Indeed, once the reader has negotiated the first few couple of chapters, the novel settles into a form that might be best characterised as fictional biography. We follow Basso as he transforms himself from an adolescent who is cautious, clever and just a little bit bratty, but with no real idea of what he wants out of his life, into an adult who learns the ways of business, and in particular how to run his father's bank. Educated by his father's chief clerk, Antigonus, Basso comes to realise the power of finance and trade, and exploits it to the full in developing the Vesani Republic and indeed in becoming its First Citizen. Basso is both ruthless and possessed of a certain kind of luck but he is not hungry for power. Instead, he is intellectually hungry and it is clear that for him the interest lies in making everything work properly.

He is, as a result of his own endeavours, extremely wealthy but on that level it really doesn't seem to be about the money so much as the ways in which small actions at one point can have massive effects at another. One assumes we are supposed to see him as some sort of tyrant - certainly, the citizens of Vesani are not always that complimentary - but from the reader's point of view, murder notwithstanding, he is rather engaging, a little lonely, wrapped up in work, with a vanishingly small circle of friends.
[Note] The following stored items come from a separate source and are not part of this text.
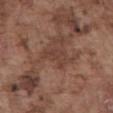Image and clinical context:
Automated tile analysis of the lesion measured a footprint of about 5.5 mm², a shape eccentricity near 0.75, and a shape-asymmetry score of about 0.6 (0 = symmetric). The analysis additionally found a lesion color around L≈40 a*≈19 b*≈24 in CIELAB, a lesion–skin lightness drop of about 6, and a lesion-to-skin contrast of about 5.5 (normalized; higher = more distinct). Cropped from a whole-body photographic skin survey; the tile spans about 15 mm. Measured at roughly 3.5 mm in maximum diameter. The subject is a male aged around 75. Imaged with white-light lighting. From the abdomen.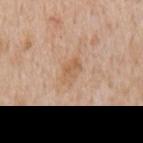The lesion was photographed on a routine skin check and not biopsied; there is no pathology result. A male subject aged 63 to 67. Cropped from a whole-body photographic skin survey; the tile spans about 15 mm. Measured at roughly 3 mm in maximum diameter. This is a white-light tile. Located on the mid back. Automated image analysis of the tile measured a border-irregularity index near 3/10, internal color variation of about 3 on a 0–10 scale, and a peripheral color-asymmetry measure near 1. It also reported a nevus-likeness score of about 0/100 and lesion-presence confidence of about 100/100.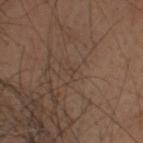Recorded during total-body skin imaging; not selected for excision or biopsy. From the head or neck. The patient is a male about 55 years old. A lesion tile, about 15 mm wide, cut from a 3D total-body photograph.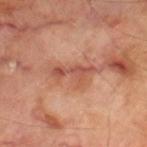Assessment: Imaged during a routine full-body skin examination; the lesion was not biopsied and no histopathology is available. Clinical summary: A male patient, about 70 years old. Imaged with cross-polarized lighting. A 15 mm close-up extracted from a 3D total-body photography capture. The recorded lesion diameter is about 5 mm. The total-body-photography lesion software estimated an area of roughly 6.5 mm², a shape eccentricity near 0.9, and a symmetry-axis asymmetry near 0.5. Located on the left thigh.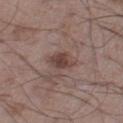Background:
The lesion is on the leg. Measured at roughly 3.5 mm in maximum diameter. A male patient aged approximately 50. Cropped from a total-body skin-imaging series; the visible field is about 15 mm. The tile uses white-light illumination.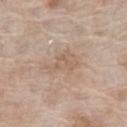Clinical impression:
Captured during whole-body skin photography for melanoma surveillance; the lesion was not biopsied.
Image and clinical context:
The patient is a female in their mid- to late 70s. Automated image analysis of the tile measured a footprint of about 8 mm², an eccentricity of roughly 0.8, and a symmetry-axis asymmetry near 0.5. And it measured a lesion color around L≈60 a*≈15 b*≈28 in CIELAB, roughly 7 lightness units darker than nearby skin, and a normalized border contrast of about 5. It also reported a classifier nevus-likeness of about 0/100 and a lesion-detection confidence of about 100/100. A lesion tile, about 15 mm wide, cut from a 3D total-body photograph. Measured at roughly 4.5 mm in maximum diameter. On the leg. Imaged with white-light lighting.

The greatest difficulty with this novel is that while Basso is intellectually engaging, he rarely strays far from his office and apart from the odd assassination threat, swiftly terminated, his life is not particularly eventful. It is not that things aren't going on. His general, Aelius, fights wars for him, and we occasionally see the world from his viewpoint, while his nephew, Bassano, has an intricate series of adventures of his own, which he dutifully reports via letter. Most critically, Basso is embroiled in a feud with his own sister, Tranquillina, who refuses to forgive him for the murder of her husband, even though he was a notorious philanderer, but it is only Lina who is plotting.
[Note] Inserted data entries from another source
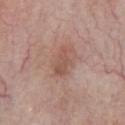patient = male, approximately 60 years of age
location = the front of the torso
diameter = ~3.5 mm (longest diameter)
lighting = white-light
image = ~15 mm tile from a whole-body skin photo
automated lesion analysis = a footprint of about 5 mm², a shape eccentricity near 0.9, and a symmetry-axis asymmetry near 0.35; border irregularity of about 3.5 on a 0–10 scale; a nevus-likeness score of about 5/100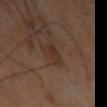Assessment:
No biopsy was performed on this lesion — it was imaged during a full skin examination and was not determined to be concerning.
Background:
An algorithmic analysis of the crop reported an area of roughly 4 mm² and a shape eccentricity near 0.7. The software also gave an average lesion color of about L≈30 a*≈16 b*≈24 (CIELAB) and about 5 CIELAB-L* units darker than the surrounding skin. The software also gave a border-irregularity index near 2/10 and internal color variation of about 2.5 on a 0–10 scale. It also reported an automated nevus-likeness rating near 5 out of 100 and a lesion-detection confidence of about 100/100. A male subject, aged 38 to 42. Cropped from a whole-body photographic skin survey; the tile spans about 15 mm. Captured under cross-polarized illumination. The lesion's longest dimension is about 3 mm. Located on the left upper arm.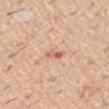Imaged with white-light lighting. From the right upper arm. A male subject in their 60s. The recorded lesion diameter is about 2.5 mm. A 15 mm close-up tile from a total-body photography series done for melanoma screening.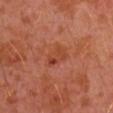Captured during whole-body skin photography for melanoma surveillance; the lesion was not biopsied. Located on the left arm. Longest diameter approximately 3 mm. This is a cross-polarized tile. A roughly 15 mm field-of-view crop from a total-body skin photograph. A male patient approximately 30 years of age. Automated tile analysis of the lesion measured an average lesion color of about L≈43 a*≈29 b*≈34 (CIELAB) and roughly 6 lightness units darker than nearby skin. The software also gave a border-irregularity index near 2.5/10, a within-lesion color-variation index near 6/10, and peripheral color asymmetry of about 2. The analysis additionally found a classifier nevus-likeness of about 0/100 and a lesion-detection confidence of about 100/100.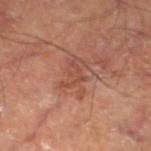<tbp_lesion>
  <biopsy_status>not biopsied; imaged during a skin examination</biopsy_status>
  <site>left thigh</site>
  <lighting>cross-polarized</lighting>
  <image>
    <source>total-body photography crop</source>
    <field_of_view_mm>15</field_of_view_mm>
  </image>
  <lesion_size>
    <long_diameter_mm_approx>4.0</long_diameter_mm_approx>
  </lesion_size>
</tbp_lesion>

While her demands become increasingly outrageous, Basso sighs gently at each new move and makes a few business transactions which will block her progress for a while longer. We are no more privy to what Lina is thinking than we are to the thoughts of Bassano or Aelius. Everything is mediated through Basso's steady view of the world, and fascinating as he is, after a while it becomes rather dull. Such a narrow focus also creates another other problem for the novel. There is really only one way it can end, and that is made clear from the outset. There isn't even really much choice as to how that ending will, as anyone who keeps an eye on the financial world will have already realised. And not surprisingly, that is precisely what happens.
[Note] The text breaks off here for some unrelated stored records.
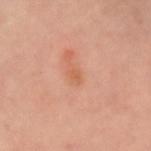Clinical impression: The lesion was tiled from a total-body skin photograph and was not biopsied. Clinical summary: On the left forearm. Longest diameter approximately 1 mm. A region of skin cropped from a whole-body photographic capture, roughly 15 mm wide. A female patient, aged 58–62. This is a cross-polarized tile.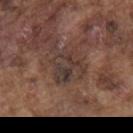Imaged during a routine full-body skin examination; the lesion was not biopsied and no histopathology is available. The recorded lesion diameter is about 4 mm. Captured under white-light illumination. The lesion is located on the mid back. Cropped from a total-body skin-imaging series; the visible field is about 15 mm. A male subject aged 73 to 77.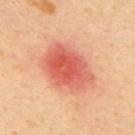biopsy_status: not biopsied; imaged during a skin examination
lighting: cross-polarized
image:
  source: total-body photography crop
  field_of_view_mm: 15
lesion_size:
  long_diameter_mm_approx: 6.0
site: upper back
patient:
  sex: male
  age_approx: 40

I'm really not sure what to make of this novel. Is it an elaborate and very subtle joke, or is Parker attempting to create a new form of fantasy, using the mundane and economics? It's really not that easy to say. Basso is an unexpectedly attractive character, as are his small group of confidants. The novel's main pleasure emerges from their conversations and interactions but this can only sustain the novel for so long, and certainly not as long as the 500 pages it takes for the story to reach its conclusion.